Poaching of rhinoceros for their horns in southern Africa has been on the rise. Horns are smuggled and sold to buyers who believe the horns hold medical properties. This week seven arrests were made in four states following an 18 month investigation by the United States Fish and Wildlife Service and Homeland Security. The demand for rhino horn needs to be quelled, and poaching of rhinoceros needs to end, otherwise remaining rhinoceros will continue on their path to extinction. The recent arrests in the US are a positive sign that smuggling will not be tolerated in this country.

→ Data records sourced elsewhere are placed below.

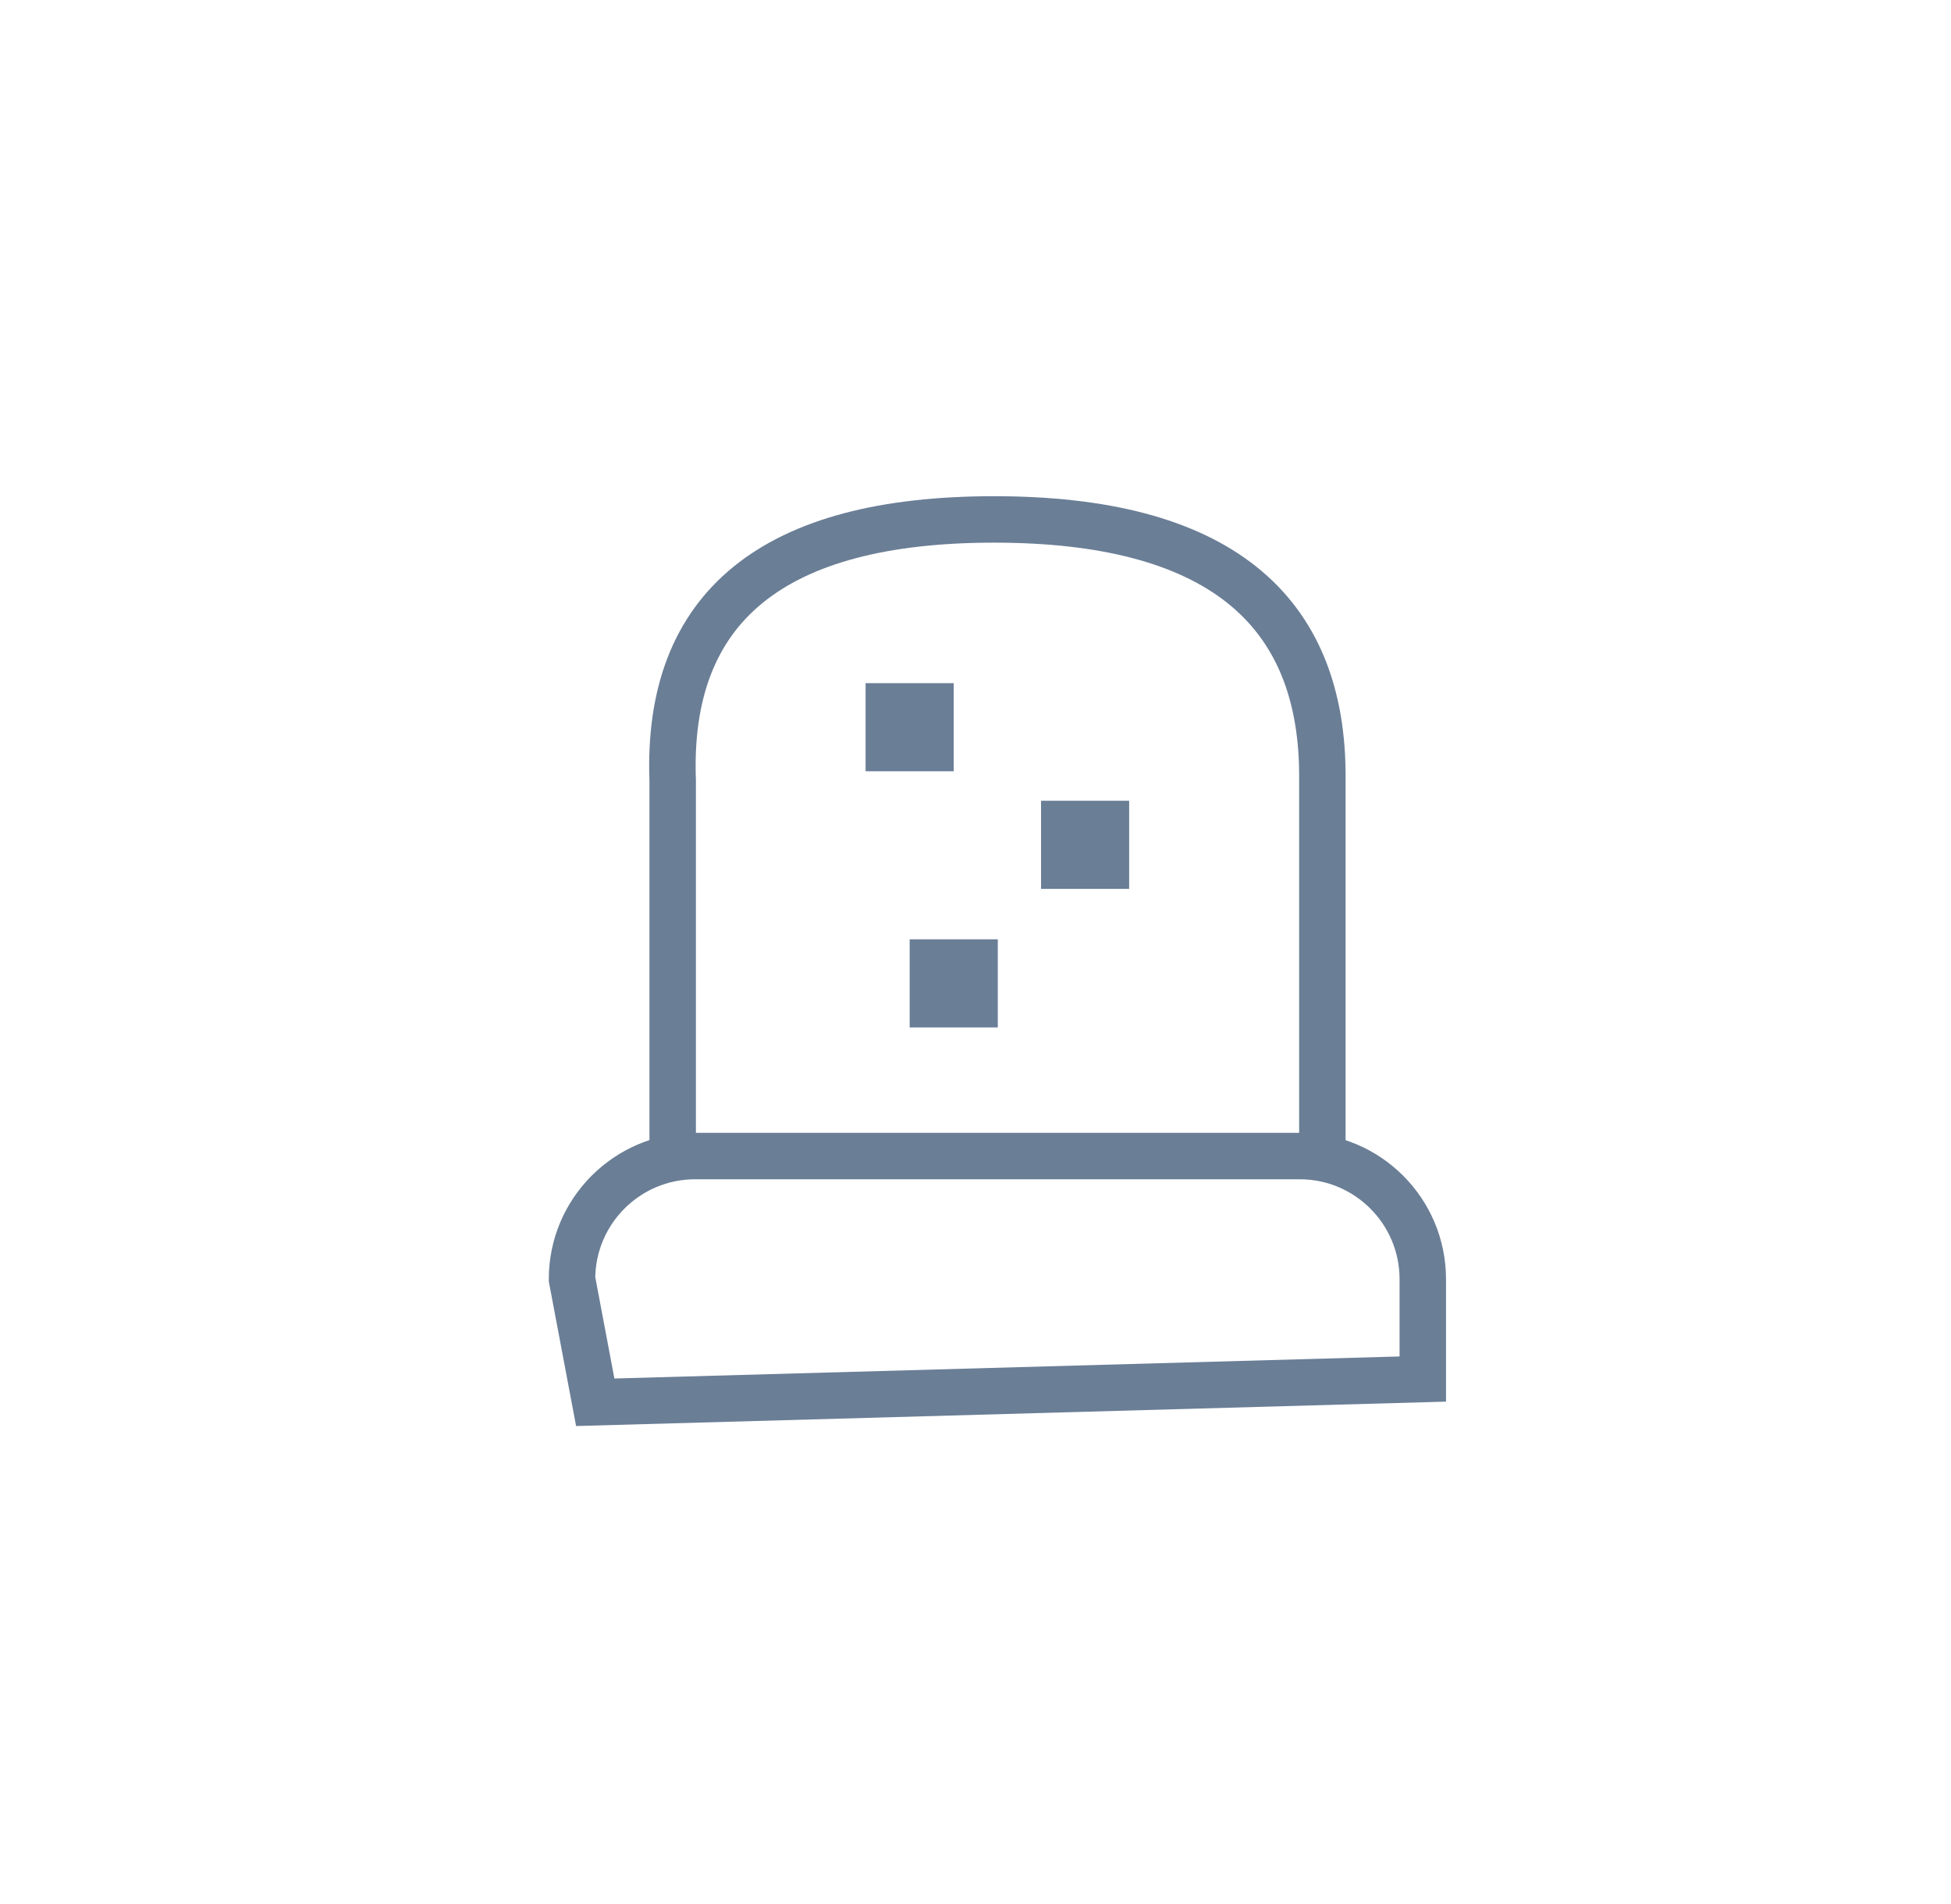 <?xml version="1.0" encoding="UTF-8"?>
<svg width="42px" height="41px" viewBox="0 0 42 41" version="1.1" xmlns="http://www.w3.org/2000/svg" xmlns:xlink="http://www.w3.org/1999/xlink">
    <title>other-game copy</title>
    <g id="Page-1" stroke="none" stroke-width="1" fill="none" fill-rule="evenodd">
        <g id="icons" transform="translate(-731, -49)">
            <g id="other-game-copy" transform="translate(731.37, 49.5)">
                <rect id="Rectangle" x="0.886" y="0" width="40" height="40"></rect>
                <path d="M27.609,24.389 C28.341,24.389 29.003,24.686 29.483,25.166 C29.962,25.645 30.259,26.308 30.259,27.04 L30.259,27.04 L30.259,29.19 L12.444,29.69 L11.944,27.04 C11.944,26.308 12.241,25.645 12.72,25.166 C13.2,24.686 13.862,24.389 14.594,24.389 L14.594,24.389 Z" id="Rectangle" stroke="#6A7E96"></path>
                <path d="M14.111,24.063 L14.111,16.306 C13.972,12.557 16.278,10.683 21.03,10.683 C25.782,10.683 28.138,12.557 28.097,16.306 L28.097,24.063" id="Path-2" stroke="#6A7E96" stroke-linecap="round"></path>
                <rect id="Rectangle" fill="#6A7E96" x="18.264" y="14.208" width="1.897" height="1.897"></rect>
                <rect id="Rectangle-Copy" fill="#6A7E96" x="22.041" y="16.74" width="1.897" height="1.897"></rect>
                <rect id="Rectangle-Copy-5" fill="#6A7E96" x="19.213" y="19.723" width="1.897" height="1.897"></rect>
            </g>
        </g>
    </g>
</svg>

However, the source of the problem lies in countries who value the horns, and countries that have rhino populations. In 2011 341 rhinos were killed in South Africa national parks.  In comparison, only 36 rhinos were killed in 2005. These numbers are increasing due to the demands of countries in Asia and the middle east. Countries such as China and Vietnam believe ground rhino horn can cure cancer. Rhino horns are used in the middle east to make the handles of ornamental daggers. One kilogram of rhino horn can bring in $35,000 on the black market. The trafficking of rhinoceros horn violates federal law and all species of rhinoceros are protected under international law. The Convention on International Trade in Endangered Species, which regulates rhino horn trade, must stop all illegal poaching and smuggling of rhino horn.

Demand for rhino horn is at an all time high for reasons that are useless and antiquated. The belief that rhino horn can cure cancer is absurd since the horns are made of keratin, the same material human fingernails are composed of, and there is no evidence that keratin has any medicinal properties. For this, rhinos are shot with tranquilizer darts and their horns are sawed off leaving them to bleed to death.